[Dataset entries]
* * * *

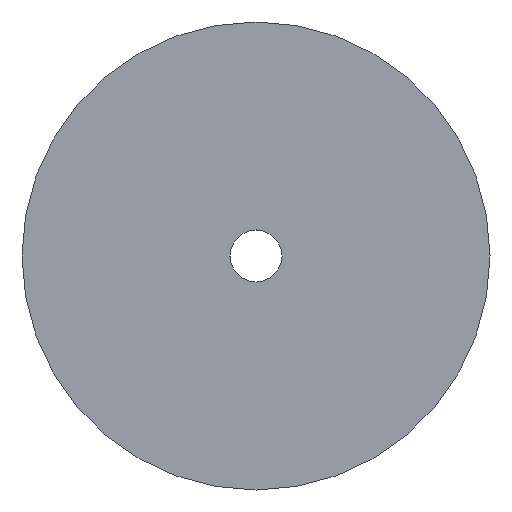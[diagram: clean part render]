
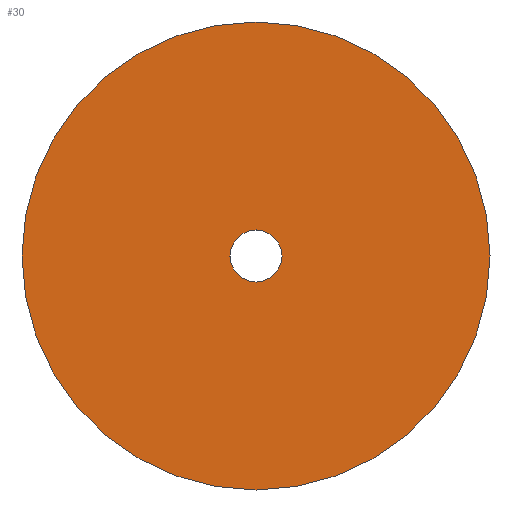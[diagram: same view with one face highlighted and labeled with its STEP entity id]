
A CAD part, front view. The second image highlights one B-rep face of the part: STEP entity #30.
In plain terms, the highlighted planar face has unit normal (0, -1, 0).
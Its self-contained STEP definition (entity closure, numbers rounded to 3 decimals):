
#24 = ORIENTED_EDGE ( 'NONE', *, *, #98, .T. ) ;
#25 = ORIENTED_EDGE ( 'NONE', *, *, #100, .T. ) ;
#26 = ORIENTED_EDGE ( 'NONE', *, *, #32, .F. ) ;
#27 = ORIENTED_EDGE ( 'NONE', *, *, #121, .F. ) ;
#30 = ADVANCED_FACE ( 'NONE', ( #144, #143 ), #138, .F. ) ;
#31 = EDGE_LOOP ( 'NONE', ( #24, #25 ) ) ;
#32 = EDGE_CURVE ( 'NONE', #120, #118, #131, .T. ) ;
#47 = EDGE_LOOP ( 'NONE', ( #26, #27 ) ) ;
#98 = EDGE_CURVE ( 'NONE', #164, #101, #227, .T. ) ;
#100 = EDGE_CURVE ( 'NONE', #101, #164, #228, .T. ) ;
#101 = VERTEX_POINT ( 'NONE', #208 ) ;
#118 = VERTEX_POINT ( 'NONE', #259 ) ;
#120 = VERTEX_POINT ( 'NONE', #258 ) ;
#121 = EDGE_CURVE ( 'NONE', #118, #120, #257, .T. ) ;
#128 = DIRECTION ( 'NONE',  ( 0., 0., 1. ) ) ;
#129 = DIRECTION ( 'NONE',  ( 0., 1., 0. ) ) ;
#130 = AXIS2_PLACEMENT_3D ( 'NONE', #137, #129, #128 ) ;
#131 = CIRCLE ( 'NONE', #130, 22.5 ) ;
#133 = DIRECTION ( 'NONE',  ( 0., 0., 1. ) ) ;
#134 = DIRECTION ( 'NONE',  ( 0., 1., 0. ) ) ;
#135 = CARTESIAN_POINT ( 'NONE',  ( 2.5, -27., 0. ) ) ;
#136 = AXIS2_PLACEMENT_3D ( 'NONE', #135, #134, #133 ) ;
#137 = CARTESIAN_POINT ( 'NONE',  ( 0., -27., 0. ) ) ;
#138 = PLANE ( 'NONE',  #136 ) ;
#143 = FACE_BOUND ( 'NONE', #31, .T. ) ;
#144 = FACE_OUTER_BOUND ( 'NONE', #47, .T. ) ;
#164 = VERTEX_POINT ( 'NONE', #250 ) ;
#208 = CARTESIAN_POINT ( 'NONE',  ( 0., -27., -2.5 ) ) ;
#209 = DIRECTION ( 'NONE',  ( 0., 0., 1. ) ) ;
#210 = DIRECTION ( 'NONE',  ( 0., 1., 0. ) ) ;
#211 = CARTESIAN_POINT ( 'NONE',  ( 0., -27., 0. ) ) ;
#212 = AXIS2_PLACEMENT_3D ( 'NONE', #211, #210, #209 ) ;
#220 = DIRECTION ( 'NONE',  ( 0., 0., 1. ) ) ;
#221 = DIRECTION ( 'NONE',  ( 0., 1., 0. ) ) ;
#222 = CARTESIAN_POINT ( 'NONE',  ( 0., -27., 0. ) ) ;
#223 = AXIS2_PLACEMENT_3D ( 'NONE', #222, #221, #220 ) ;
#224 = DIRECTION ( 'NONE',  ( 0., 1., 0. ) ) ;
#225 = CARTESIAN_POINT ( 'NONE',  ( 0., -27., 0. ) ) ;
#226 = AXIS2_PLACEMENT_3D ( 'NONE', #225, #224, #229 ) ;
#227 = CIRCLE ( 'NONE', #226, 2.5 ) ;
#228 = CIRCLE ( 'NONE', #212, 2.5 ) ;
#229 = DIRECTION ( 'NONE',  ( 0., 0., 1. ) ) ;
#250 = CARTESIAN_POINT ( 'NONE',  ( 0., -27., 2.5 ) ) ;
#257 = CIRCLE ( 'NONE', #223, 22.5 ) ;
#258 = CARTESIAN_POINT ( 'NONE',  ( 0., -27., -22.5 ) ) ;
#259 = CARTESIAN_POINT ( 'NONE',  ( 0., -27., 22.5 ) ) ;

* * * *

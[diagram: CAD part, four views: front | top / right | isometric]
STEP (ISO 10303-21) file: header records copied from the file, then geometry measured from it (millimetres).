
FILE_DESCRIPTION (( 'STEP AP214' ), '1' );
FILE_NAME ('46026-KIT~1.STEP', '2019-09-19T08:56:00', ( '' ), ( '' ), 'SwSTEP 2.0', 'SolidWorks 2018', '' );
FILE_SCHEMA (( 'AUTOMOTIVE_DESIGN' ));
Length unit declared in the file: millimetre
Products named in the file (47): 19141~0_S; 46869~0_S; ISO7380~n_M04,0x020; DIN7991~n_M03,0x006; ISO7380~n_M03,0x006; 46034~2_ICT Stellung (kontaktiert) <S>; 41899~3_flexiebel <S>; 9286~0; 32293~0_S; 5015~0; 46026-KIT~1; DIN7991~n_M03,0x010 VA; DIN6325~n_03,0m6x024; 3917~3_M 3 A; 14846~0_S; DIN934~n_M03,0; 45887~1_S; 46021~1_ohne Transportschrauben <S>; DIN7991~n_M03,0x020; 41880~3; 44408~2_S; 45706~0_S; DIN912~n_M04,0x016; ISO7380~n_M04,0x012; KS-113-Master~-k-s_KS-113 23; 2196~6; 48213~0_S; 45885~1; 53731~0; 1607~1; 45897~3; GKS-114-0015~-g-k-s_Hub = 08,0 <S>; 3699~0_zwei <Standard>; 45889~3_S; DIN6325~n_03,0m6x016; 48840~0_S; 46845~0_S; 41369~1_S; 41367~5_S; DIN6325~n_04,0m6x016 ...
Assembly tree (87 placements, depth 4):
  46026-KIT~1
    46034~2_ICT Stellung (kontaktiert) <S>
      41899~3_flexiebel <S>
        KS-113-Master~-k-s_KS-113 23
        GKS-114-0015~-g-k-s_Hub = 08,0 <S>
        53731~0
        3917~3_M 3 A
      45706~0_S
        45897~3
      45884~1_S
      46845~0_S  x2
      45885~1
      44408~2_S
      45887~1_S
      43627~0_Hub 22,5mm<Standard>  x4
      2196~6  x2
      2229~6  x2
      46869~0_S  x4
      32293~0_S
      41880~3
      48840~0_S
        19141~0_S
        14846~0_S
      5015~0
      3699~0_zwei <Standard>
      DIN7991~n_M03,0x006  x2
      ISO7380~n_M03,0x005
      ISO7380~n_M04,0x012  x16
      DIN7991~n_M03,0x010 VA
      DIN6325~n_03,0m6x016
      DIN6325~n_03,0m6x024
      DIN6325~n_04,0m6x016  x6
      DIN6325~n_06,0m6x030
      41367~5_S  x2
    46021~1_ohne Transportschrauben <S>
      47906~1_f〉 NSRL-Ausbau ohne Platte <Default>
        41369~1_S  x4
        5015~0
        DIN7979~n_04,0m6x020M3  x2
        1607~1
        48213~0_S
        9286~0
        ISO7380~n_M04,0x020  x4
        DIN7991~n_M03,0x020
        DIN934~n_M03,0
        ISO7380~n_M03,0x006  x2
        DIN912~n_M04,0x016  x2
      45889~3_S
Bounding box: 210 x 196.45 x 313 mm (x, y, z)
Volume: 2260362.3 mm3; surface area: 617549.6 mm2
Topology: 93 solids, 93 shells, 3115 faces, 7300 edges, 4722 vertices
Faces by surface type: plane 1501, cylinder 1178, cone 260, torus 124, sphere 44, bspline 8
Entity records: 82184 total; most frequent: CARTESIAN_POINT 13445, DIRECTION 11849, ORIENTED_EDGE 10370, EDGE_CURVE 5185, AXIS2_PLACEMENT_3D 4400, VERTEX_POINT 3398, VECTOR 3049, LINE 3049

* * * *

What to work on: Transcribe each line of the data above, unaltered, from the one where "#26 = ORIENTED_EDGE" appears to the one where "#101 = VERTEX_POINT ( 'NONE', #208 ) ;" appears, inclusive of both.

Output of the task:
#26 = ORIENTED_EDGE ( 'NONE', *, *, #32, .F. ) ;
#27 = ORIENTED_EDGE ( 'NONE', *, *, #121, .F. ) ;
#30 = ADVANCED_FACE ( 'NONE', ( #144, #143 ), #138, .F. ) ;
#31 = EDGE_LOOP ( 'NONE', ( #24, #25 ) ) ;
#32 = EDGE_CURVE ( 'NONE', #120, #118, #131, .T. ) ;
#47 = EDGE_LOOP ( 'NONE', ( #26, #27 ) ) ;
#98 = EDGE_CURVE ( 'NONE', #164, #101, #227, .T. ) ;
#100 = EDGE_CURVE ( 'NONE', #101, #164, #228, .T. ) ;
#101 = VERTEX_POINT ( 'NONE', #208 ) ;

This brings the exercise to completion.